Dollar Hegemony Lives On as Traders Look Past Fitch Downgrade

From Brazil to China, critics of the dollar-led world order notched a symbolic win this week after Fitch Ratings’ landmark move to strip the US of its AAA halo.

(Bloomberg) — From Brazil to China, critics of the dollar-led world order notched a symbolic win this week after Fitch Ratings’ landmark move to strip the US of its AAA halo.

Blaming ballooning deficits, fiscal brinkmanship and more, the credit ratings firm stoked fresh fears in Washington that America’s stature in the global economy is diminishing.

Still, the post-Fitch reaction in the currency market tells a more reassuring story. Not only did the greenback weather the downgrade, it rose Wednesday as data showed that a soft landing may be nigh, while much of the world including Europe remains in a growth funk. 

Far from deficits leading to currency ruin — as Wall Street worrywarts who cling to textbook theory tend to argue — the dollar’s sway across the international financial system remains unrivaled.

And if past is prologue, take note. When debt-ceiling drama in 2011 spurred S&P Global Ratings to strip the nation of its top-tier status — a move that has never been reversed — the greenback was unscathed in the end. In fact, the Bloomberg Dollar Spot Index ended the year 7% higher, and is up more than 30% since.

“The dollar is a safe haven because it’s such a large transactional currency,” said Jane Foley, head of FX strategy at Rabobank. “Yes, over time that may be eroded but we’re looking at 20, 30 or 40 years.”

Deeply embedded in the flow of commerce and money across borders, the dollar has famously endowed Washington with a multitude of privileges in trade, capital markets and international security — much to the frustration of geopolitical foes.

On Wednesday, executives at Fitch acknowledged that the US debt burden has to be weighed against the sheer dominance of the greenback in trade and finance.
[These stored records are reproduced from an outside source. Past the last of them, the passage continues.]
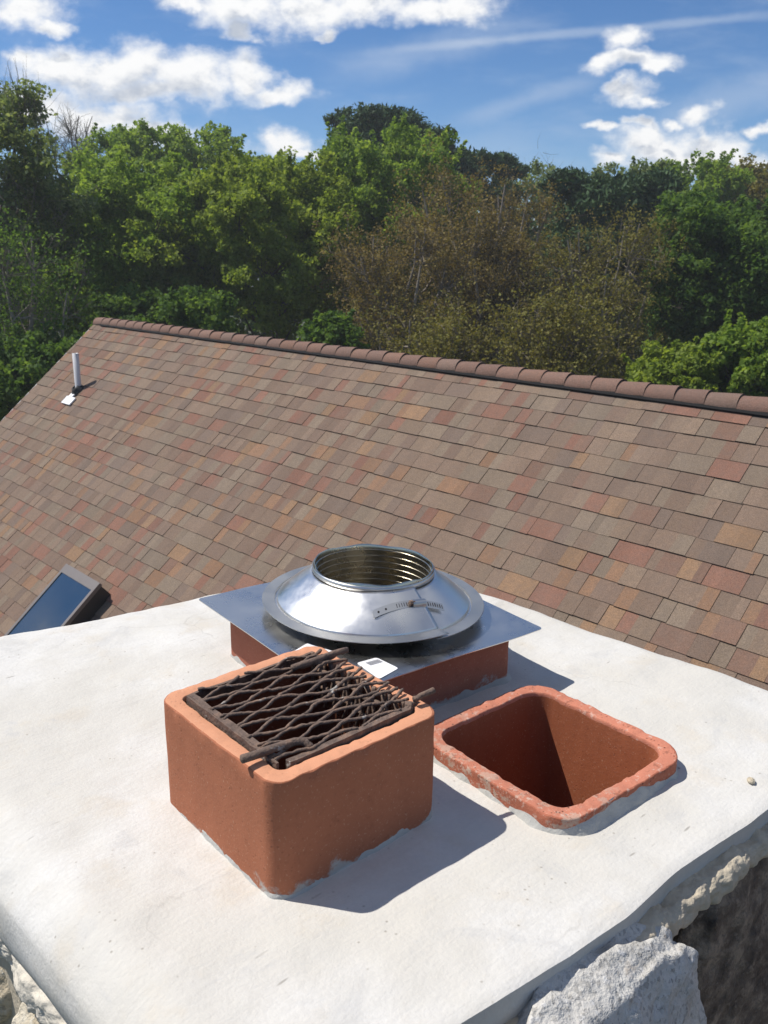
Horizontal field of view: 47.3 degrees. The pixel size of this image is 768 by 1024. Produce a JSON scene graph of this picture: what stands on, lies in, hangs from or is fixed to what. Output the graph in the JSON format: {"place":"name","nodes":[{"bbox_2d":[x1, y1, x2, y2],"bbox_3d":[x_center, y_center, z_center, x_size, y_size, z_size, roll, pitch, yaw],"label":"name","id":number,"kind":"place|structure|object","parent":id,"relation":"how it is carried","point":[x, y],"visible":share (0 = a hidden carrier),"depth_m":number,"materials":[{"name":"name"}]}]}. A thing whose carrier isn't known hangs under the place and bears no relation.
{"place":"outdoors","nodes":[
{"label":"outdoors","id":0,"kind":"place"},
{"bbox_2d":[49,273,668,371],"bbox_3d":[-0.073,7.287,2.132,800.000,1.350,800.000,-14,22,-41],"label":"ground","id":1,"kind":"structure","parent":0,"point":[380,308],"depth_m":89.75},
{"bbox_2d":[0,318,92,421],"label":"young tree","id":2,"kind":"object","parent":1,"relation":"on","point":[31,359],"visible":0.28,"depth_m":13.23,"materials":[{"name":"green plant"}]},
{"bbox_2d":[0,53,103,334],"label":"broadleaf tree","id":3,"kind":"object","parent":1,"relation":"on","point":[27,168],"visible":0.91,"depth_m":16.51,"materials":[{"name":"green plant"}]},
{"bbox_2d":[0,201,107,372],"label":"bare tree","id":4,"kind":"object","parent":1,"relation":"on","point":[10,303],"visible":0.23,"depth_m":14.59,"materials":[{"name":"green plant"}]},
{"bbox_2d":[24,104,112,333],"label":"bare tree","id":5,"kind":"object","parent":1,"relation":"on","point":[65,125],"visible":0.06,"depth_m":30.87,"materials":[{"name":"brown plant"}]},
{"bbox_2d":[2,143,242,345],"bbox_3d":[-6.094,-3.459,21.291,6.155,10.174,6.178,-14,22,-41],"label":"broadleaf tree","id":6,"kind":"object","parent":1,"relation":"on","point":[132,195],"visible":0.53,"depth_m":19.03,"materials":[{"name":"green plant"}]},
{"bbox_2d":[58,118,198,248],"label":"broadleaf tree","id":7,"kind":"object","parent":1,"relation":"on","point":[137,148],"visible":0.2,"depth_m":27.19,"materials":[{"name":"green plant"}]},
{"bbox_2d":[83,282,239,332],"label":"young tree","id":8,"kind":"object","parent":1,"relation":"on","point":[192,307],"visible":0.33,"depth_m":15.51,"materials":[{"name":"green plant"}]},
{"bbox_2d":[143,120,256,176],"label":"broadleaf tree","id":9,"kind":"object","parent":1,"relation":"on","point":[208,152],"visible":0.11,"depth_m":28.67,"materials":[{"name":"green plant"}]},
{"bbox_2d":[188,145,307,336],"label":"broadleaf tree","id":10,"kind":"object","parent":1,"relation":"on","point":[258,158],"visible":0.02,"depth_m":27.15,"materials":[{"name":"green plant"}]},
{"bbox_2d":[118,144,382,339],"bbox_3d":[-2.875,-3.330,20.999,6.323,10.169,5.798,-14,22,-41],"label":"broadleaf tree","id":11,"kind":"object","parent":1,"relation":"on","point":[249,206],"visible":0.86,"depth_m":18.85,"materials":[{"name":"green plant"}]},
{"bbox_2d":[296,308,370,348],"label":"young tree","id":12,"kind":"object","parent":1,"relation":"on","point":[331,327],"visible":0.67,"depth_m":14.93,"materials":[{"name":"green plant"}]},
{"bbox_2d":[0,182,669,372],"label":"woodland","id":13,"kind":"object","parent":1,"relation":"on","point":[242,322],"depth_m":38.87,"materials":[{"name":"green plant"}]},
{"bbox_2d":[0,593,767,1023],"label":"chimney","id":14,"kind":"object","parent":1,"relation":"on","point":[130,893],"visible":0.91,"depth_m":1.28,"materials":[{"name":"concrete"}]},
{"bbox_2d":[164,646,434,899],"bbox_3d":[-0.141,0.817,1.514,0.333,1.090,0.353,-13,21,-39],"label":"flue tile","id":15,"kind":"object","parent":14,"relation":"attached to","point":[281,833],"visible":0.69,"depth_m":1.27,"materials":[{"name":"orange ceramic"}]},
{"bbox_2d":[186,647,435,769],"bbox_3d":[-0.130,0.325,1.369,0.334,0.104,0.269,-13,21,-39],"label":"flue grate","id":16,"kind":"object","parent":15,"relation":"in","point":[230,690],"visible":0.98,"depth_m":1.35,"materials":[{"name":"metal"}]},
{"bbox_2d":[230,622,510,708],"bbox_3d":[-0.039,0.706,2.001,0.477,1.032,0.501,-12,21,-37],"label":"flue tile","id":17,"kind":"object","parent":14,"relation":"attached to","point":[459,678],"visible":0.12,"depth_m":1.76,"materials":[{"name":"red ceramic"}]},
{"bbox_2d":[199,544,540,680],"bbox_3d":[-0.042,0.360,1.899,0.524,0.520,0.522,-10,21,-37],"label":"flue top plate","id":18,"kind":"object","parent":17,"relation":"on","point":[383,613],"visible":0.6,"depth_m":1.75,"materials":[{"name":"silver metal"}]},
{"bbox_2d":[433,685,679,835],"bbox_3d":[0.291,0.854,1.674,0.376,0.937,0.400,-12,21,-37],"label":"flue tile","id":19,"kind":"object","parent":14,"relation":"attached to","point":[548,760],"visible":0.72,"depth_m":1.65,"materials":[{"name":"ceramic"}]},
{"bbox_2d":[747,777,754,783],"bbox_3d":[0.621,0.454,1.485,0.014,0.010,0.021,15,13,9],"label":"pebble","id":20,"kind":"object","parent":14,"relation":"on","point":[750,780],"visible":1,"depth_m":1.48,"materials":[{"name":"beige stone"}]},
{"bbox_2d":[0,317,767,690],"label":"house","id":21,"kind":"structure","parent":1,"relation":"on","point":[146,465],"depth_m":6.81,"materials":[{"name":"tile"}]},
{"bbox_2d":[279,112,493,327],"bbox_3d":[0.005,-4.704,24.044,5.720,11.129,5.682,9,18,27],"label":"broadleaf tree","id":22,"kind":"object","parent":1,"relation":"on","point":[356,155],"visible":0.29,"depth_m":21.65,"materials":[{"name":"green plant"}]},
{"bbox_2d":[308,196,499,353],"bbox_3d":[0.231,-2.075,18.630,3.871,8.800,4.084,-14,22,-41],"label":"budding tree","id":23,"kind":"object","parent":1,"relation":"on","point":[387,283],"visible":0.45,"depth_m":17.52,"materials":[{"name":"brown plant"}]},
{"bbox_2d":[322,101,493,334],"bbox_3d":[0.513,-8.177,32.751,6.979,12.934,7.760,-14,22,-41],"label":"pine tree","id":24,"kind":"object","parent":1,"relation":"on","point":[366,119],"visible":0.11,"depth_m":29.78,"materials":[{"name":"green plant"}]},
{"bbox_2d":[343,276,521,364],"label":"young tree","id":25,"kind":"object","parent":1,"relation":"on","point":[460,346],"visible":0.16,"depth_m":15.03,"materials":[{"name":"green plant"}]},
{"bbox_2d":[448,146,530,204],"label":"pine tree","id":26,"kind":"object","parent":1,"relation":"on","point":[506,159],"visible":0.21,"depth_m":31.68,"materials":[{"name":"green plant"}]},
{"bbox_2d":[374,131,615,364],"bbox_3d":[2.102,-3.337,20.480,4.882,10.193,4.952,-9,19,-30],"label":"budding tree","id":27,"kind":"object","parent":1,"relation":"on","point":[503,262],"visible":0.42,"depth_m":19.10,"materials":[{"name":"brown plant"}]},
{"bbox_2d":[482,138,575,274],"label":"broadleaf tree","id":28,"kind":"object","parent":1,"relation":"on","point":[537,170],"visible":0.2,"depth_m":32.97,"materials":[{"name":"green plant"}]},
{"bbox_2d":[471,262,647,378],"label":"young tree","id":29,"kind":"object","parent":1,"relation":"on","point":[570,334],"visible":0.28,"depth_m":14.08,"materials":[{"name":"green plant"}]},
{"bbox_2d":[480,199,695,378],"bbox_3d":[4.188,-2.283,19.311,4.092,8.872,4.812,-14,22,-41],"label":"budding tree","id":30,"kind":"object","parent":1,"relation":"on","point":[611,294],"visible":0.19,"depth_m":17.90,"materials":[{"name":"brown plant"}]},
{"bbox_2d":[531,165,692,318],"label":"pine tree","id":31,"kind":"object","parent":1,"relation":"on","point":[643,191],"visible":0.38,"depth_m":24.51,"materials":[{"name":"green plant"}]},
{"bbox_2d":[591,156,691,365],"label":"broadleaf tree","id":32,"kind":"object","parent":1,"relation":"on","point":[635,167],"visible":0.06,"depth_m":29.68,"materials":[{"name":"green plant"}]},
{"bbox_2d":[620,336,722,391],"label":"young tree","id":33,"kind":"object","parent":1,"relation":"on","point":[685,366],"visible":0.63,"depth_m":12.95,"materials":[{"name":"green plant"}]},
{"bbox_2d":[629,148,756,359],"bbox_3d":[10.300,-6.662,30.748,4.040,11.349,4.540,10,19,30],"label":"broadleaf tree","id":34,"kind":"object","parent":1,"relation":"on","point":[707,176],"visible":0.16,"depth_m":28.56,"materials":[{"name":"green plant"}]},
{"bbox_2d":[631,184,767,355],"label":"broadleaf tree","id":35,"kind":"object","parent":1,"relation":"on","point":[723,262],"visible":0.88,"depth_m":17.42,"materials":[{"name":"green plant"}]},
{"bbox_2d":[696,309,767,396],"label":"young tree","id":36,"kind":"object","parent":1,"relation":"on","point":[740,372],"visible":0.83,"depth_m":13.03,"materials":[{"name":"green plant"}]},
{"bbox_2d":[0,0,767,226],"label":"sky","id":37,"kind":"structure","parent":0,"point":[596,82],"materials":[{"name":"blue"}]},
{"bbox_2d":[706,153,767,328],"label":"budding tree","id":38,"kind":"object","parent":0,"point":[759,169],"visible":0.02,"depth_m":30.38,"materials":[{"name":"green plant"}]},
{"bbox_2d":[734,165,767,218],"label":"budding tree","id":39,"kind":"object","parent":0,"point":[759,195],"visible":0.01,"depth_m":29.06,"materials":[{"name":"green plant"}]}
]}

The dollar’s role as a reserve currency is “unparalleled,” said Richard Francis, the company’s co-head of Americas sovereign ratings on Bloomberg TV. 

Going forward, the Fitch move could yet spark currency volatility and the consequences for asset allocation are ultimately unknown. Meanwhile, there are warnings that markets are overly sanguine on the politics. In June, the US was pushed closer to a historic default after lawmakers struggled to agree on lifting the government’s borrowing limit.

In an emailed response to questions from Bloomberg News after the downgrade, James McCormack, global head of sovereign and supranational ratings at Fitch, pointed to political dysfunction, saying that firm is “not confident in policy measures being agreed and implemented to address the fiscal deterioration.”

Just hours after the ratings action, two former US Treasury secretaries, Hank Paulson and Timothy Geithner, urged Washington policymakers to address debt challenges, with deficits projected to total $20 trillion over the coming decade.

As such, fears of a a post-dollar future are palpable in the hallowed halls of DC thinktanks and beyond. The greenback accounted for just under 60% of central banks’ official currency reserves in the fourth quarter of last year, lower than the historic norm, in an era where China and Russia, among other nations, attempt to de-dollarize.

And with growing geopolitical tensions, the likes of ex-Credit Suisse AG strategist Zoltan Pozsar argue that the hegemony of the greenback is likely on borrowed time.

“The downgrade has little new information but still reinforces the perception that the dollar’s global dominance rests on a fragile pedestal,” said Eswar Prasad, professor at Cornell University and author of The Dollar Trap. 

Yet the absence of a meaningful rival will delay the day of reckoning, per Prasad.

“The downgrade could in principle add to the dollar’s death by a thousand cuts but that day of reckoning for the currency’s supremacy in international finance, if it ever comes, is a long way away,” he said.

Read more: Pristine AAA Bond Universe Just Got a Whole Lot Smaller

Read more: Debt-Ceiling Drama Threatens Supremacy of Already Wobbly Dollar

A Bloomberg dollar gauge peaked at all-time highs last September, causing pain for indebted borrowers around the developing world. It has subsequently fallen 9% as the Federal Reserve gets closer to the end of its rate-hiking cycle.

With China holding a tight grip on its capital account, it’s not easy to imagine a viable pretender to the dollar’s throne emerging anytime soon. Meanwhile a surge of energy and infrastructure investment could boost the productive capacity of America’s economy — attracting fresh overseas demand for dollar assets. 

“There is a case that on the margin this reduces the US dollar’s appeal as a reserve alternative,” said Timothy Graf, head of EMEA macro strategy at State Street Bank & Trust Co., referring to the Fitch move. “But its peers, other than Germany, have similar or weaker credit profiles.”

In that sense, there are 2011 echoes. Back then, S&P’s downgrade failed to hurt the dollar, largely due to heavy debt burdens in Europe and Japan, according to Macquarie Group Ltd. strategists including Thierry Wizman. 

“Today too, high debt is a problem plaguing many DMs and EMs,” they wrote in a note.